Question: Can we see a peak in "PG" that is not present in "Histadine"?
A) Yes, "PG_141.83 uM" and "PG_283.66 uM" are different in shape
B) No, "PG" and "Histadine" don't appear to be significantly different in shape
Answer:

...

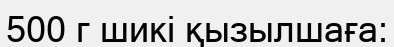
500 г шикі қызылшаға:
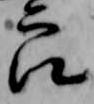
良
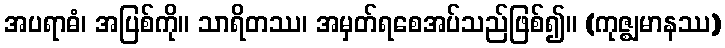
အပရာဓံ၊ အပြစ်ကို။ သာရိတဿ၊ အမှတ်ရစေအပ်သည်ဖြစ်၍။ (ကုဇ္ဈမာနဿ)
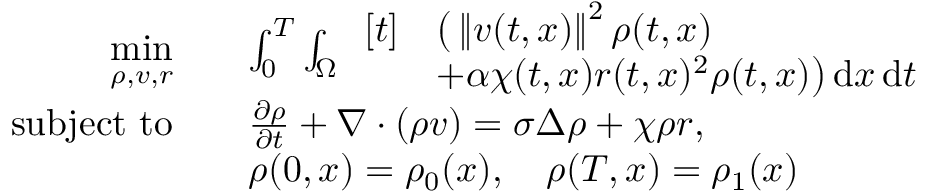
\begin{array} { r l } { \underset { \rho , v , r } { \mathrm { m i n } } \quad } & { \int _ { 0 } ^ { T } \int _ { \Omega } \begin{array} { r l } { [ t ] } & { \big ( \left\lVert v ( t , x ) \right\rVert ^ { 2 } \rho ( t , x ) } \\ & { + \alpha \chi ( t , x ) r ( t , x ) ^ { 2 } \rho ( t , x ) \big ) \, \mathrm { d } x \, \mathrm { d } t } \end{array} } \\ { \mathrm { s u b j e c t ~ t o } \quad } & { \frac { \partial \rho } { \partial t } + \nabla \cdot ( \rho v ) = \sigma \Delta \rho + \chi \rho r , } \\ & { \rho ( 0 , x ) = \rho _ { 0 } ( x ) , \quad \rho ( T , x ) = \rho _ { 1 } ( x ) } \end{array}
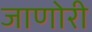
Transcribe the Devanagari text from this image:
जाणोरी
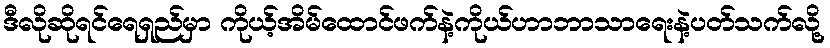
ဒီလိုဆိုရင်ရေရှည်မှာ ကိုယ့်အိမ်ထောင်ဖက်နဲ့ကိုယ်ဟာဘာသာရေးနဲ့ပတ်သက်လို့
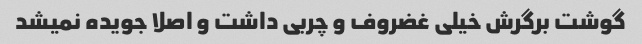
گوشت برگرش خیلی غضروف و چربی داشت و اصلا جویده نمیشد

--

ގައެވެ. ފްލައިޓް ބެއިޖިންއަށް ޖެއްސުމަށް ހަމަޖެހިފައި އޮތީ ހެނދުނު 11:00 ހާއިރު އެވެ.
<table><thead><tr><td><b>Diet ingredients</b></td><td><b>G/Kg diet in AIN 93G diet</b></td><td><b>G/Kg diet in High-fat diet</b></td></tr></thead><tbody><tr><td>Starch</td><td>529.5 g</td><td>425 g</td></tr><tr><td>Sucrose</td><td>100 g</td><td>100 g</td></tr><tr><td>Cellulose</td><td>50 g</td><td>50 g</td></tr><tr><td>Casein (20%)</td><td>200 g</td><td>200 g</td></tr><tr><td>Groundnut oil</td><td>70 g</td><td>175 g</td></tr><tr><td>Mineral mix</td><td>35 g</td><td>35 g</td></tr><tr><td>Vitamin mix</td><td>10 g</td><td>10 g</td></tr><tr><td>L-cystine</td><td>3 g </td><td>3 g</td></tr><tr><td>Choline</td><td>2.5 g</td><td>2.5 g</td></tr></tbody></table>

- Work item -
Reproduce every line from the entries that holds the word "shape".

- Answer below -
A) Yes, "PG_141.83 uM" and "PG_283.66 uM" are different in shape
B) No, "PG" and "Histadine" don't appear to be significantly different in shape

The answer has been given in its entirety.